青玉楼主人日録

仮想の古書店「青玉楼」の店主が、日々の雑感や手に入った新刊、古書の感想をつづります。

『小澤征爾さんと、音楽について話をする』小澤征爾×村上春樹

小澤征爾さんと、音楽について話をする
考えてみれば、この二人の対談は誰かが思いついてもいいはずであった。村上も自分で書いているが、二人には確かに共通する部分があるからだ。何点かの共通点は、実際に村上の文章で読んでもらうことにして、一つ思い出したのは、どちらも日本で権威があるとされている連中にこっぴどく傷めつけられていながら、ちょうどそれとは反対に海外ではたいそうな評価と好意を得ている点だ。

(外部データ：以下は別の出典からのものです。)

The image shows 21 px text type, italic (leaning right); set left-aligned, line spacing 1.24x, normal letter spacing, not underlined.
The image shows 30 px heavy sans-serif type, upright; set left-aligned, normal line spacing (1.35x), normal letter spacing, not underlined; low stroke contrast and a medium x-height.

今の人は知りもしないだろうが、小澤は忘れていない。ちゃんとN響からボイコットを受けたことを口にしている。村上にしても日本文学の権威筋からはかなりバッシングを受けている。はっきりと書いているわけではないが、村上はそうした二人の共通する部分をかなり意識しつつ、このインタビューを持ちかけたにちがいない。

小澤がここまで心を開いて音楽について語ることができたのは、村上に対する信頼があってのことである。たしかにかつてジャズ喫茶のマスターであった村上は自分で言うほど音楽の素人ではない。クラシックにしても、そのレコードコレクションがどれほどのものかは、小澤が驚くほどだ。

ではあるにせよ、演奏家でなく単なる聴き手にすぎない作家相手にずいぶん突っ込んだ話をしているし、最後にはセミナーの会場に同席を許してさえいる。音楽と文学という異なる分野で仕事をしてはいても、互いを理解し合える相手を得たという悦びがインタビューから伝わってくる。音楽について話される内容は勿論のことだが、何よりそういう生き生きした前向きな感動があるのだ。

音楽についてだが、個人的には、大好きなマーラーの交響曲一番第三楽章を聴きながらの対談が素晴らしかった。こちらは本を読んでいるだけなのに、小澤の「とりーら・ヤ・った・たん、とやらなくちゃいけない」というような語り口調がそのままマーラーの曲となって頭の中に響いてくる。音楽について書かれた本を何度も読んだが、こんな経験ははじめてだ。

対談の中で村上が文章を書く方法を音楽から学んだと語っている部分にも感銘を受けた。「文章にリズムがないと、そんなもの誰も読まない」「でも多くの文芸批評家は、僕の見るところ、そういう部分にあまり目をやりません。文章の精緻さとか、言葉の新しさとか、物語の方向とか、テーマの質とか、手法の面白さなんかを主に取り上げます」。このあたり、かなり手厳しい日本の文芸批評に対する反論になっている。村上はきっと音楽を聴くように自分の作品を読んでくれる批評家を待っているんだ。そう思った。

でも、日本にも村上の良さを分かる批評家はいる。例えば、清水徹粕谷一希を相手にこう語っている。「普通に書いているようでいて、突然予想外な発展をしていくし、それから文体に魅力というものがある」(『<座談>書物への愛』)。これなど、村上の「しっかりとリズムを作っておいて、そこにコードを載っけて、そこからインプロヴィゼーションを始めるんです。自由に即興をしていくわけです。音楽を作るのと同じ要領で文章を書いていきます」という発言の言い換えのように読める。

村上には小澤の音楽についての話を書き残しておきたいという思いがあったのだろうが、常々作家としての自分の仕事について誰かに心おきなく話しておきたいという気持ちも無意識の裡にあったのではないだろうか。それが、小澤という願ってもない相手と向き合ううちに期せずして顕れ出たのが、このインタビューであったような気がする。まさに、運命の出会いというべきだが、これが小澤の癌を契機として果たされた点が感慨深い。まさに「どんな暗雲の裏も日に輝いている」という英語の表現通りである。